Entre outras coisas, pertencer a uma companhia de combatentes com ideias semelhantes “tornou mais fácil ter uma dieta halal”, disse ele.
“Além disso, estou com outros muçulmanos”, acrescentou. “Está tudo bem aqui. “É por isso que fiquei aqui tanto tempo.”
‘Liberdade para todo o povo da Birmânia’
Cerca de 20 recrutas muçulmanos que fugiram da lei de recrutamento do regime militar, promulgada em 2010, mas activada apenas este ano em Mianmar, alistaram-se recentemente, disse Eisher.
Durante a visita da Al Jazeera à empresa, os soldados no seu acampamento principal eram, na sua maioria, homens casados, que aproveitavam a sua licença para visitar as suas famílias próximas. Um quartel separado abrigava os doentes, geralmente jovens que já haviam sofrido de malária.
A mesquita do acampamento próxima é um edifício modesto feito de blocos de madeira com telhado de zinco e tubos de plástico na parede externa para abluções rituais antes das orações.

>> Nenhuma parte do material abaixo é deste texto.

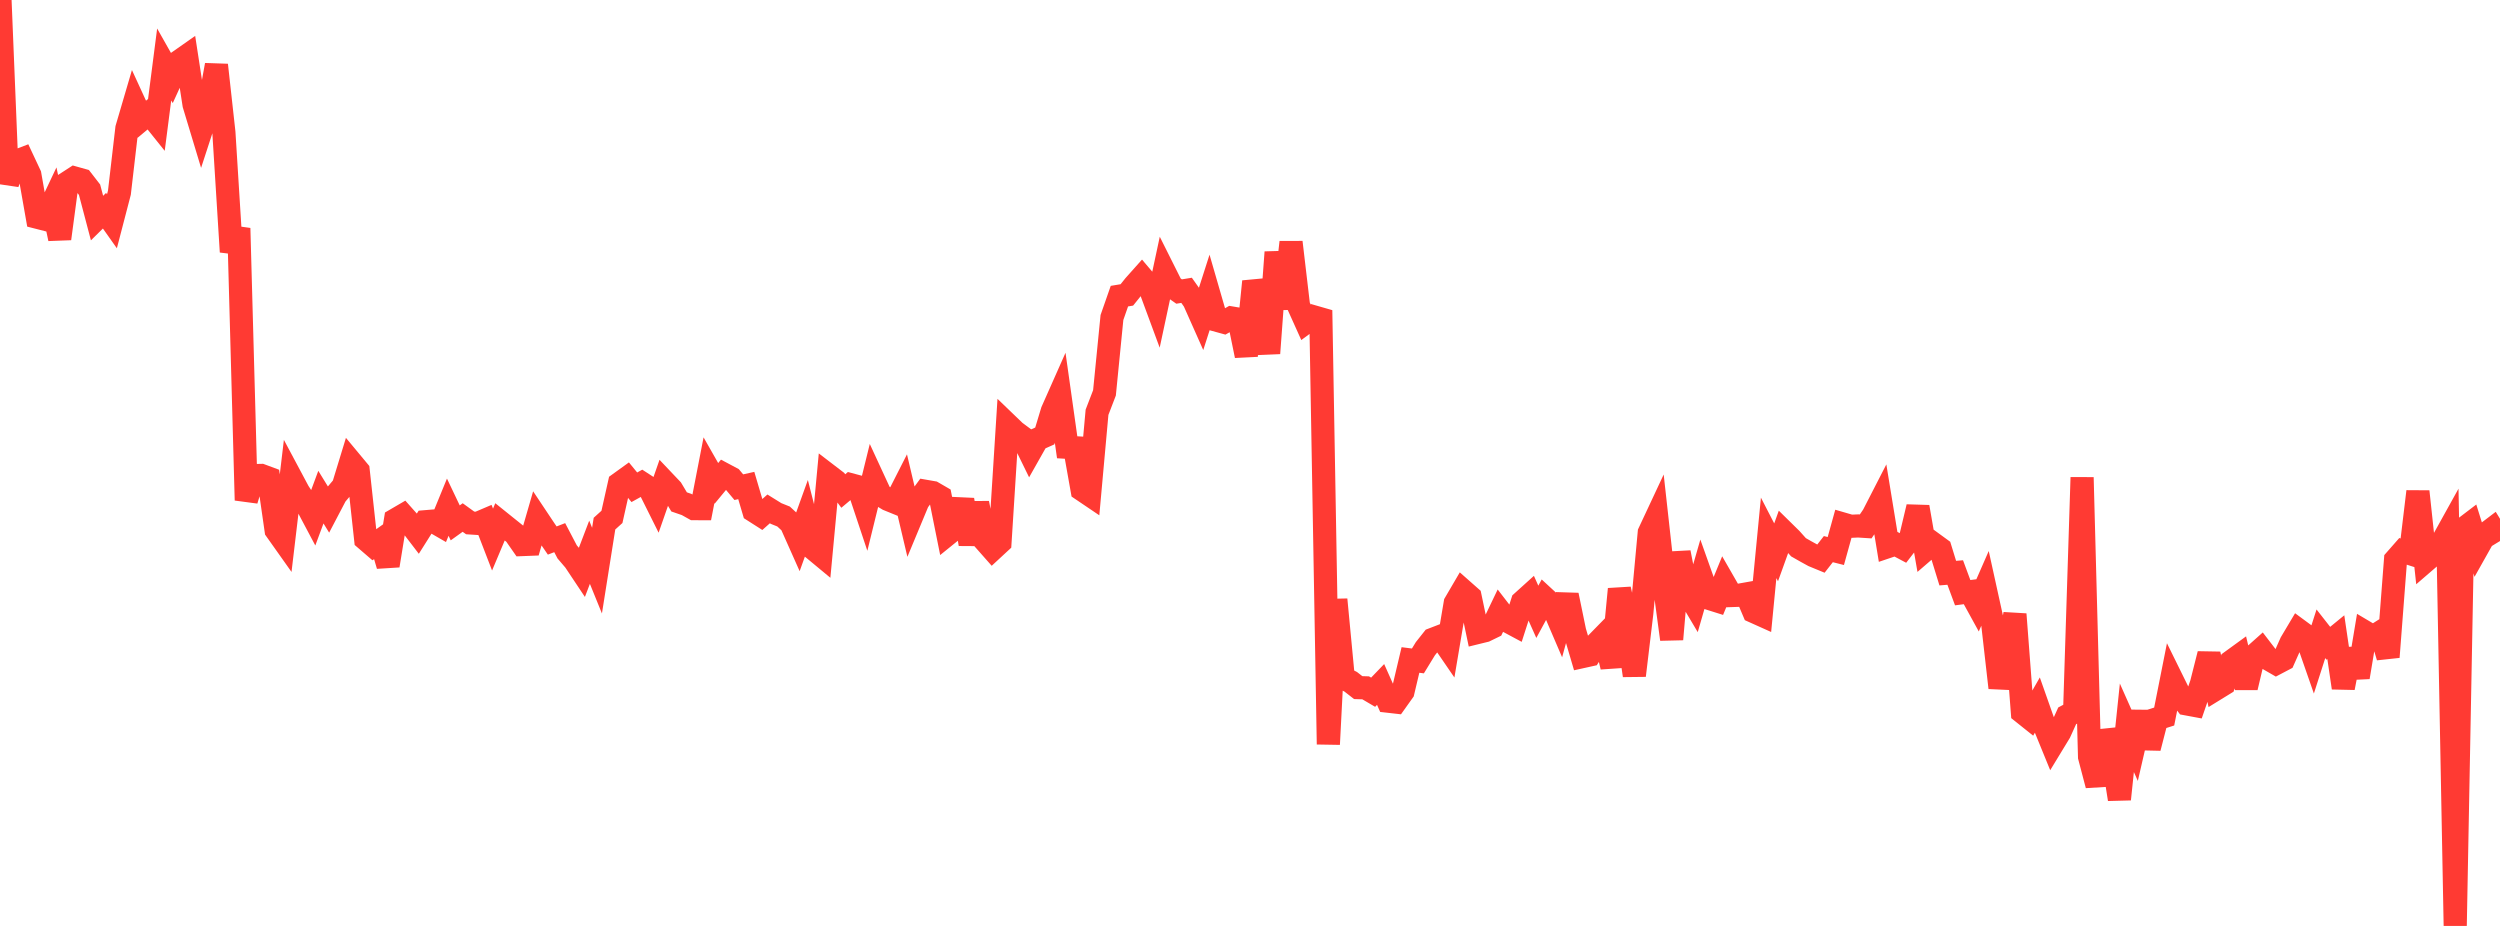 <?xml version="1.0" standalone="no"?>
<!DOCTYPE svg PUBLIC "-//W3C//DTD SVG 1.1//EN" "http://www.w3.org/Graphics/SVG/1.1/DTD/svg11.dtd">

<svg width="135" height="50" viewBox="0 0 135 50" preserveAspectRatio="none" 
  xmlns="http://www.w3.org/2000/svg"
  xmlns:xlink="http://www.w3.org/1999/xlink">


<polyline points="0.0, 0.0 0.403, 9.896 0.806, 8.738 1.209, 8.583 1.612, 9.442 2.015, 11.732 2.418, 11.835 2.821, 10.983 3.224, 12.889 3.627, 9.874 4.03, 9.613 4.433, 9.726 4.836, 10.246 5.239, 11.776 5.642, 11.379 6.045, 11.949 6.448, 10.402 6.851, 6.933 7.254, 5.561 7.657, 6.439 8.06, 6.104 8.463, 6.607 8.866, 3.481 9.269, 4.194 9.672, 3.311 10.075, 3.028 10.478, 5.645 10.881, 6.979 11.284, 5.741 11.687, 3.511 12.09, 7.152 12.493, 13.598 12.896, 12.326 13.299, 27.013 13.701, 25.682 14.104, 25.673 14.507, 25.823 14.91, 28.629 15.313, 29.198 15.716, 25.803 16.119, 26.558 16.522, 27.174 16.925, 27.933 17.328, 26.845 17.731, 27.5 18.134, 26.731 18.537, 26.253 18.94, 24.934 19.343, 25.419 19.746, 29.116 20.149, 29.463 20.552, 29.176 20.955, 30.541 21.358, 28.067 21.761, 27.832 22.164, 28.286 22.567, 28.812 22.97, 28.173 23.373, 28.139 23.776, 28.372 24.179, 27.388 24.582, 28.235 24.985, 27.946 25.388, 28.238 25.791, 28.264 26.194, 28.092 26.597, 29.137 27.0, 28.18 27.403, 28.504 27.806, 28.827 28.209, 29.406 28.612, 29.39 29.015, 27.996 29.418, 28.6 29.821, 29.189 30.224, 29.033 30.627, 29.803 31.03, 30.274 31.433, 30.879 31.836, 29.822 32.239, 30.814 32.642, 28.276 33.045, 27.912 33.448, 26.112 33.851, 25.821 34.254, 26.313 34.657, 26.09 35.06, 26.352 35.463, 27.16 35.866, 26.004 36.269, 26.429 36.672, 27.103 37.075, 27.242 37.478, 27.467 37.881, 27.468 38.284, 25.393 38.687, 26.101 39.09, 25.612 39.493, 25.827 39.896, 26.308 40.299, 26.218 40.701, 27.581 41.104, 27.838 41.507, 27.48 41.91, 27.73 42.313, 27.892 42.716, 28.264 43.119, 29.169 43.522, 28.049 43.925, 29.63 44.328, 29.964 44.731, 25.667 45.134, 25.976 45.537, 26.515 45.94, 26.176 46.343, 26.284 46.746, 27.494 47.149, 25.855 47.552, 26.727 47.955, 26.969 48.358, 27.133 48.761, 26.34 49.164, 28.047 49.567, 27.079 49.97, 26.53 50.373, 26.6 50.776, 26.834 51.179, 28.838 51.582, 28.512 51.985, 26.989 52.388, 29.381 52.791, 27.171 53.194, 29.203 53.597, 29.659 54.0, 29.286 54.403, 22.923 54.806, 23.311 55.209, 23.611 55.612, 24.435 56.015, 23.722 56.418, 23.543 56.821, 22.206 57.224, 21.298 57.627, 24.153 58.03, 24.177 58.433, 26.444 58.836, 26.716 59.239, 22.262 59.642, 21.214 60.045, 17.145 60.448, 15.992 60.851, 15.925 61.254, 15.422 61.657, 14.97 62.06, 15.446 62.463, 16.537 62.866, 14.655 63.269, 15.46 63.672, 15.743 64.075, 15.677 64.478, 16.246 64.881, 17.152 65.284, 15.895 65.687, 17.287 66.09, 17.398 66.493, 17.169 66.896, 17.237 67.299, 19.207 67.701, 15.201 68.104, 16.567 68.507, 19.077 68.91, 13.62 69.313, 16.667 69.716, 13.081 70.119, 16.506 70.522, 17.401 70.925, 17.105 71.328, 17.221 71.731, 40.192 72.134, 32.375 72.537, 36.609 72.94, 36.817 73.343, 37.131 73.746, 37.143 74.149, 37.38 74.552, 36.961 74.955, 37.864 75.358, 37.91 75.761, 37.344 76.164, 35.639 76.567, 35.69 76.97, 35.031 77.373, 34.523 77.776, 34.368 78.179, 34.956 78.582, 32.568 78.985, 31.879 79.388, 32.235 79.791, 34.154 80.194, 34.055 80.597, 33.859 81.0, 33.017 81.403, 33.539 81.806, 33.755 82.209, 32.5 82.612, 32.136 83.015, 33.038 83.418, 32.295 83.821, 32.667 84.224, 33.606 84.627, 32.137 85.03, 34.091 85.433, 35.459 85.836, 35.37 86.239, 34.724 86.642, 34.312 87.045, 36.01 87.448, 31.812 87.851, 33.648 88.254, 36.477 88.657, 33.106 89.06, 28.762 89.463, 27.901 89.866, 31.531 90.269, 34.521 90.672, 29.836 91.075, 31.897 91.478, 32.575 91.881, 31.177 92.284, 32.31 92.687, 32.437 93.09, 31.457 93.493, 32.159 93.896, 32.145 94.299, 32.073 94.701, 33.02 95.104, 33.201 95.507, 29.045 95.91, 29.826 96.313, 28.706 96.716, 29.102 97.119, 29.552 97.522, 29.782 97.925, 30.003 98.328, 30.169 98.731, 29.653 99.134, 29.755 99.537, 28.302 99.94, 28.419 100.343, 28.401 100.746, 28.427 101.149, 27.836 101.552, 27.051 101.955, 29.512 102.358, 29.376 102.761, 29.59 103.164, 29.068 103.567, 27.376 103.97, 29.691 104.373, 29.344 104.776, 29.638 105.179, 30.949 105.582, 30.916 105.985, 32.005 106.388, 31.953 106.791, 32.686 107.194, 31.765 107.597, 33.596 108.0, 37.138 108.403, 35.214 108.806, 33.168 109.209, 38.461 109.612, 38.783 110.015, 38.078 110.418, 39.221 110.821, 40.208 111.224, 39.546 111.627, 38.654 112.03, 38.439 112.433, 25.781 112.836, 40.868 113.239, 42.401 113.642, 39.491 114.045, 40.616 114.448, 43.158 114.851, 39.301 115.254, 40.207 115.657, 38.458 116.06, 40.388 116.463, 38.821 116.866, 38.693 117.269, 36.664 117.672, 37.482 118.075, 38.009 118.478, 38.084 118.881, 36.91 119.284, 35.317 119.687, 37.186 120.09, 36.938 120.493, 35.714 120.896, 35.421 121.299, 37.124 121.701, 35.425 122.104, 35.066 122.507, 35.591 122.91, 35.823 123.313, 35.611 123.716, 34.705 124.119, 34.027 124.522, 34.324 124.925, 35.481 125.328, 34.224 125.731, 34.738 126.134, 34.408 126.537, 37.141 126.94, 35.064 127.343, 36.569 127.746, 34.151 128.149, 34.39 128.552, 34.134 128.955, 35.479 129.358, 30.231 129.761, 29.772 130.164, 29.9 130.567, 26.543 130.97, 30.3 131.373, 29.953 131.776, 29.449 132.179, 28.723 132.582, 50.0 132.985, 28.589 133.388, 28.282 133.791, 29.579 134.194, 28.862 134.597, 28.555 135.0, 29.216" fill="none" stroke="#ff3a33" stroke-width="1.25"/>

</svg>

Eisher contou como sua fé foi testada em 2012, durante um conflito com os militares, quando foi baleado no pescoço e na parte superior do braço direito. Separado de sua unidade, ele caminhou sozinho por dois dias antes de encontrar seus companheiros, que o carregaram durante cinco dias pela selva densa.
“O cheiro de pus do ferimento no pescoço me fez vomitar”, lembrou ele, tocando a cicatriz em forma de cratera deixada por uma bala e lembrando o quanto havia orado.
“Eu estava orando pela absolvição dos meus pecados, se os tivesse cometido, e se não, por forças para continuar lutando”, disse ele.
Num posto avançado nas profundezas da selva do território da 3ª Companhia, Mohammed Yusuf, 47 anos, lidera uma unidade de combatentes. Tal como Eisher, Yusuf sofreu pela causa. Há vinte anos, enquanto limpava minas terrestres, uma delas explodiu e cegou-o.
“Quero liberdade para todo o povo da Birmânia”, disse ele. “A revolução terá sucesso, mas precisa de mais unidade. “Todos devem permanecer leais à causa.”
A Terceira Companhia também tem a sua diversidade interna, incluindo alguns membros budistas e cristãos no campo principal.
Um dos budistas, um agricultor de Bamar de 46 anos que se tornou revolucionário e com um sorriso sereno, começou a cultivar beringelas e feijão verde para os combatentes comerem.
Depois de se voluntariar em dois outros grupos de resistência, ela contou como chegou à conclusão de que o seu lugar era na “Companhia Muçulmana”.
“Não há discriminação aqui”, disse ele.
“Somos todos iguais: seres humanos.”
*Thandar é um pseudônimo, pois a entrevistada pediu que seu nome não fosse citado nesta reportagem.